I mentioned in the last entry that we’ve had assignments recycled from past years. Which in itself isn’t such a bad thing. If I had a cracking assignment to hand out to students to see how they measure up year after year I’d do the same. But the problem is some people have not bothered to update them – not so much as the cover sheet that says “This is a case study from 2007″.
It leads to worse problems like old hand-in dates. Old marking criteria. What was worth 40% last year is only worth 20% this one. The 5th of November last year was not mid Reading Week. There comes a need to check and then double check with everyone, and worst of them all, some assignments hadn’t even been ready when they were announced. “We will have the assignment up by X date…” meant fewer and fewer days to have a go at it when everything’s been cramped up around the same dates.

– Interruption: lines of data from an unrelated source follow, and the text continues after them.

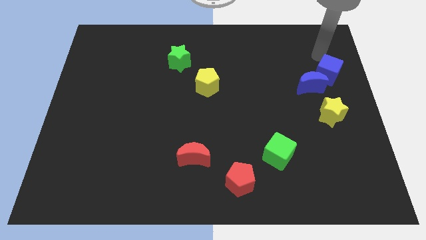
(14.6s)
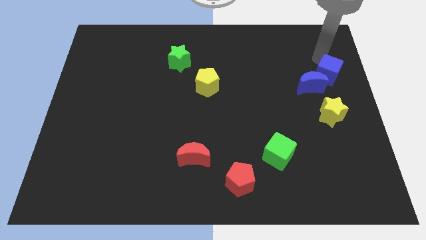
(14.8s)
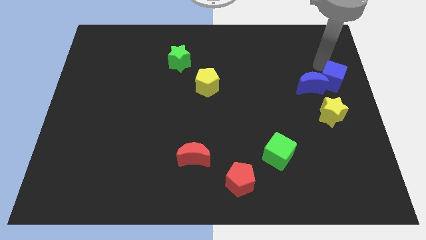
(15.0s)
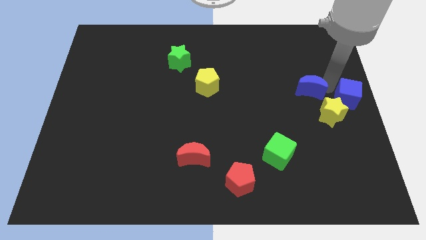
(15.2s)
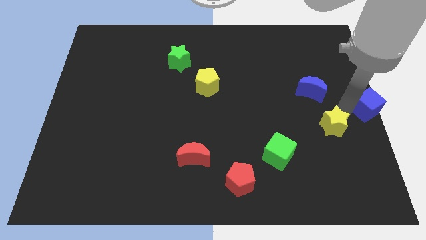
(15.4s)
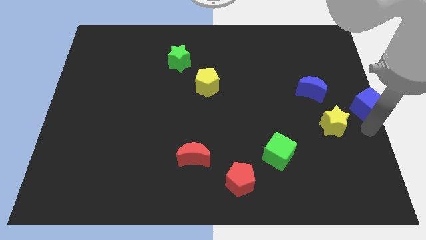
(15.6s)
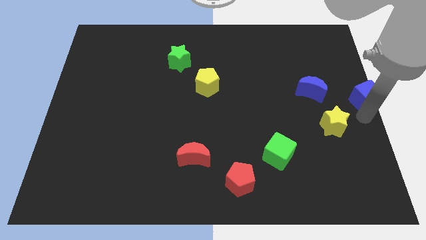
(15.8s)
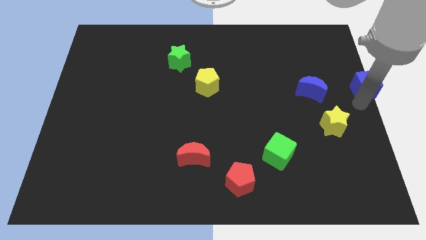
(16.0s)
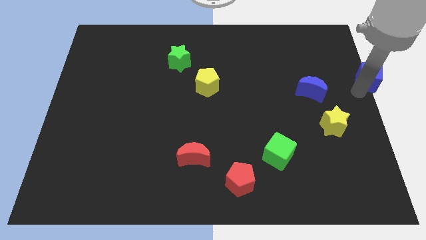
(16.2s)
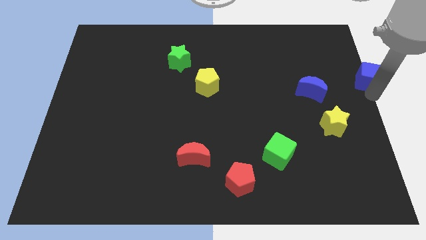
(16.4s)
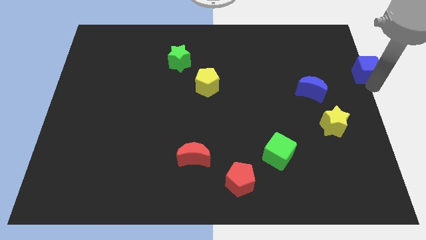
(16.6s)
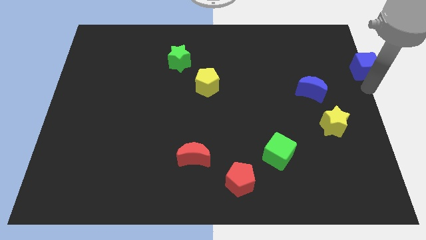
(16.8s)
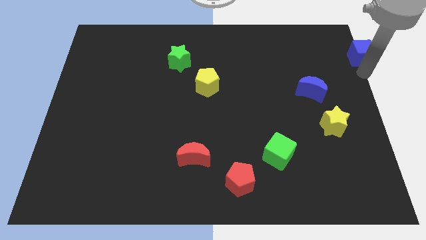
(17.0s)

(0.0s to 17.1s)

There’s nothing left to do but to sigh, grab the laptop with one hand and the pen in the other hand and do everything on your own. Tell whoever you can and help whoever you want to help through the year because for the first time since I came to university, they don’t seem to care about us as much as they used to. And by care I mean having the decency to give us information that isn’t misleading.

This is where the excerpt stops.